Brief: Across the entries that follow, work out the number of lines containing the string "floor", and state it alone.

+--

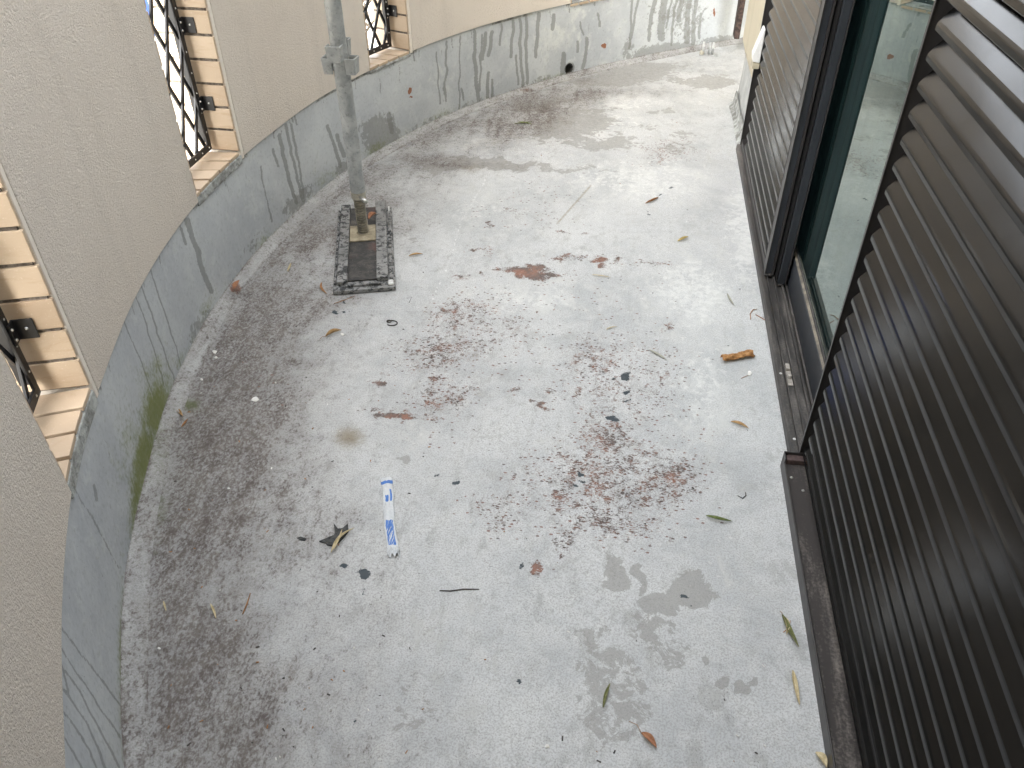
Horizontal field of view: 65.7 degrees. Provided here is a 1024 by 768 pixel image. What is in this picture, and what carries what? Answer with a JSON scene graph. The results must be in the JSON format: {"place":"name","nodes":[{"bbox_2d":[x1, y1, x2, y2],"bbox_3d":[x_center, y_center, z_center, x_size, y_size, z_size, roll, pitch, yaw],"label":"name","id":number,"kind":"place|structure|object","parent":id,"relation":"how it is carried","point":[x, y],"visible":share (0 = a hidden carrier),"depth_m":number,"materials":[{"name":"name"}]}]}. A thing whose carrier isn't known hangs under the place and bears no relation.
{"place":"outdoors","nodes":[
{"label":"outdoors","id":0,"kind":"place"},
{"bbox_2d":[363,1,377,48],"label":"street","id":1,"kind":"structure","parent":0,"point":[371,15],"depth_m":17.10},
{"bbox_2d":[154,36,186,151],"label":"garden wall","id":2,"kind":"structure","parent":1,"relation":"on","point":[164,68],"depth_m":7.93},
{"bbox_2d":[145,0,154,35],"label":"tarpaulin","id":3,"kind":"object","parent":2,"relation":"attached to","point":[147,5],"depth_m":7.40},
{"bbox_2d":[363,0,373,48],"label":"bare tree","id":4,"kind":"object","parent":1,"relation":"on","point":[368,28],"visible":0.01,"depth_m":7.79,"materials":[{"name":"white plant"}]},
{"bbox_2d":[729,0,813,401],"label":"house wall","id":5,"kind":"structure","parent":1,"relation":"on","point":[738,103],"depth_m":3.67,"materials":[{"name":"grey paint"}]},
{"bbox_2d":[121,38,826,767],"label":"balcony floor","id":6,"kind":"structure","parent":5,"relation":"attached to","point":[533,402],"depth_m":1.96,"materials":[{"name":"paint"}]},
{"bbox_2d":[210,604,215,617],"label":"fallen leaf","id":7,"kind":"object","parent":6,"relation":"on","point":[213,608],"visible":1,"depth_m":1.65,"materials":[{"name":"plant"}]},
{"bbox_2d":[232,280,238,288],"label":"fallen leaf","id":8,"kind":"object","parent":6,"relation":"on","point":[234,284],"visible":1,"depth_m":2.60,"materials":[{"name":"brown plant"}]},
{"bbox_2d":[242,593,250,613],"bbox_3d":[-0.559,0.462,1.669,0.008,0.003,0.052,5,39,7],"label":"twig","id":9,"kind":"object","parent":6,"relation":"on","point":[246,604],"visible":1,"depth_m":1.67,"materials":[{"name":"brown plant"}]},
{"bbox_2d":[320,328,340,338],"bbox_3d":[-0.558,-0.158,2.437,0.075,0.016,0.010,-27,45,-29],"label":"fallen leaf","id":10,"kind":"object","parent":6,"relation":"on","point":[333,330],"visible":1,"depth_m":2.44,"materials":[{"name":"beige plant"}]},
{"bbox_2d":[319,524,348,545],"bbox_3d":[-0.402,0.342,1.814,0.043,0.008,0.073,16,41,20],"label":"tar scrap","id":11,"kind":"object","parent":6,"relation":"on","point":[328,541],"visible":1,"depth_m":1.80,"materials":[{"name":"grey"}]},
{"bbox_2d":[331,527,354,551],"bbox_3d":[-0.388,0.349,1.795,0.013,0.006,0.084,19,42,23],"label":"fallen leaf","id":12,"kind":"object","parent":6,"relation":"on","point":[341,534],"visible":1,"depth_m":1.79,"materials":[{"name":"plant"}]},
{"bbox_2d":[333,200,395,294],"bbox_3d":[-0.531,-0.507,2.861,0.205,0.032,0.624,-5,39,-6],"label":"sole board","id":13,"kind":"object","parent":6,"relation":"on","point":[364,266],"visible":1,"depth_m":2.77,"materials":[{"name":"black plastic"}]},
{"bbox_2d":[350,190,375,241],"bbox_3d":[-0.547,-0.616,2.859,0.094,0.166,0.119,-5,39,-6],"label":"jack base","id":14,"kind":"object","parent":13,"relation":"on","point":[362,230],"visible":0.97,"depth_m":2.87,"materials":[{"name":"metal"}]},
{"bbox_2d":[321,0,364,193],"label":"scaffold pole","id":15,"kind":"object","parent":14,"relation":"on","point":[339,62],"visible":1,"depth_m":2.54,"materials":[{"name":"silver metal"}]},
{"bbox_2d":[368,212,375,218],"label":"fallen leaf","id":16,"kind":"object","parent":13,"relation":"on","point":[370,214],"visible":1,"depth_m":2.95,"materials":[{"name":"brown plant"}]},
{"bbox_2d":[0,0,748,767],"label":"parapet wall","id":17,"kind":"structure","parent":6,"relation":"on","point":[130,240],"depth_m":1.91,"materials":[{"name":"paint"}]},
{"bbox_2d":[0,307,40,413],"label":"lattice grille","id":18,"kind":"object","parent":17,"relation":"attached to","point":[13,333],"visible":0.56,"depth_m":1.54,"materials":[{"name":"black metal"}]},
{"bbox_2d":[149,0,215,167],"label":"lattice grille","id":19,"kind":"object","parent":17,"relation":"attached to","point":[177,24],"visible":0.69,"depth_m":2.42,"materials":[{"name":"black metal"}]},
{"bbox_2d":[363,0,396,55],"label":"lattice grille","id":20,"kind":"object","parent":17,"relation":"attached to","point":[387,11],"visible":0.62,"depth_m":3.42,"materials":[{"name":"black metal"}]},
{"bbox_2d":[380,476,399,557],"bbox_3d":[-0.287,0.306,1.857,0.030,0.010,0.254,-7,39,-8],"label":"straw wrapper","id":21,"kind":"object","parent":6,"relation":"on","point":[392,545],"visible":1,"depth_m":1.85,"materials":[{"name":"white paper"}]},
{"bbox_2d":[386,320,397,325],"bbox_3d":[-0.378,-0.192,2.489,0.039,0.004,0.031,5,39,7],"label":"cable tie","id":22,"kind":"object","parent":6,"relation":"on","point":[387,321],"visible":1,"depth_m":2.49,"materials":[{"name":"black plastic"}]},
{"bbox_2d":[439,588,478,591],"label":"twig","id":23,"kind":"object","parent":6,"relation":"on","point":[458,589],"visible":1,"depth_m":1.69,"materials":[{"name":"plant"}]},
{"bbox_2d":[161,122,774,762],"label":"crumbs","id":24,"kind":"object","parent":6,"relation":"on","point":[339,616],"visible":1,"depth_m":1.59,"materials":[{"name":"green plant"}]},
{"bbox_2d":[603,684,609,706],"bbox_3d":[0.178,0.587,1.501,0.006,0.004,0.052,12,40,15],"label":"fallen leaf","id":25,"kind":"object","parent":6,"relation":"on","point":[605,694],"visible":1,"depth_m":1.50,"materials":[{"name":"green plant"}]},
{"bbox_2d":[629,721,656,747],"bbox_3d":[0.238,0.633,1.440,0.013,0.011,0.067,-30,47,-32],"label":"fallen leaf","id":26,"kind":"object","parent":6,"relation":"on","point":[648,736],"visible":1,"depth_m":1.43,"materials":[{"name":"brown plant"}]},
{"bbox_2d":[699,41,717,55],"bbox_3d":[1.155,-1.965,4.646,0.106,0.074,0.040,5,39,7],"label":"floor anchor","id":27,"kind":"object","parent":6,"relation":"on","point":[702,52],"visible":1,"depth_m":4.65,"materials":[{"name":"metal"}]},
{"bbox_2d":[706,515,730,520],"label":"fallen leaf","id":28,"kind":"object","parent":6,"relation":"on","point":[718,517],"visible":1,"depth_m":1.84,"materials":[{"name":"green plant"}]},
{"bbox_2d":[720,349,754,360],"bbox_3d":[0.662,-0.084,2.329,0.108,0.018,0.032,-11,40,-13],"label":"fallen leaf","id":29,"kind":"object","parent":6,"relation":"on","point":[741,354],"visible":1,"depth_m":2.32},
{"bbox_2d":[731,420,747,427],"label":"fallen leaf","id":30,"kind":"object","parent":6,"relation":"on","point":[739,423],"visible":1,"depth_m":2.10,"materials":[{"name":"beige plant"}]},
{"bbox_2d":[736,144,812,451],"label":"sill track","id":31,"kind":"structure","parent":6,"relation":"on","point":[795,398],"depth_m":2.34,"materials":[{"name":"brown metal"}]},
{"bbox_2d":[774,0,855,285],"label":"sliding screen","id":32,"kind":"object","parent":31,"relation":"on","point":[839,29],"visible":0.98,"depth_m":2.29,"materials":[{"name":"brown metal"}]},
{"bbox_2d":[780,611,798,646],"bbox_3d":[0.560,0.495,1.610,0.010,0.012,0.086,-6,39,-7],"label":"fallen leaf","id":33,"kind":"object","parent":6,"relation":"on","point":[791,633],"visible":1,"depth_m":1.60,"materials":[{"name":"green plant"}]},
{"bbox_2d":[792,670,799,704],"bbox_3d":[0.539,0.575,1.509,0.010,0.008,0.072,5,39,7],"label":"fallen leaf","id":34,"kind":"object","parent":6,"relation":"on","point":[795,683],"visible":1,"depth_m":1.51,"materials":[{"name":"plant"}]},
{"bbox_2d":[780,451,862,767],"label":"track","id":35,"kind":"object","parent":6,"relation":"on","point":[841,747],"visible":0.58,"depth_m":1.59,"materials":[{"name":"brown metal"}]},
{"bbox_2d":[815,751,827,766],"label":"fallen leaf","id":36,"kind":"object","parent":6,"relation":"on","point":[822,756],"visible":1,"depth_m":1.40,"materials":[{"name":"plant"}]},
{"bbox_2d":[751,25,765,68],"bbox_3d":[0.991,-1.359,3.202,0.032,0.154,0.060,5,39,7],"label":"moulding cap","id":37,"kind":"object","parent":5,"relation":"attached to","point":[756,54],"visible":1,"depth_m":3.19,"materials":[{"name":"white plastic"}]},
{"bbox_2d":[740,0,836,275],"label":"louvered shutter","id":38,"kind":"object","parent":5,"relation":"attached to","point":[784,82],"visible":1,"depth_m":2.63,"materials":[{"name":"brown metal"}]},
{"bbox_2d":[787,0,857,399],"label":"glass door","id":39,"kind":"structure","parent":5,"relation":"attached to","point":[799,278],"depth_m":2.33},
{"bbox_2d":[809,0,933,358],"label":"glass pane","id":40,"kind":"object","parent":39,"relation":"attached to","point":[886,38],"depth_m":2.05,"materials":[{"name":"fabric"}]},
{"bbox_2d":[799,0,1023,767],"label":"louvered shutter","id":41,"kind":"object","parent":5,"relation":"attached to","point":[911,449],"visible":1,"depth_m":1.18,"materials":[{"name":"brown metal"}]}
]}

+--

Response to the exercise: 2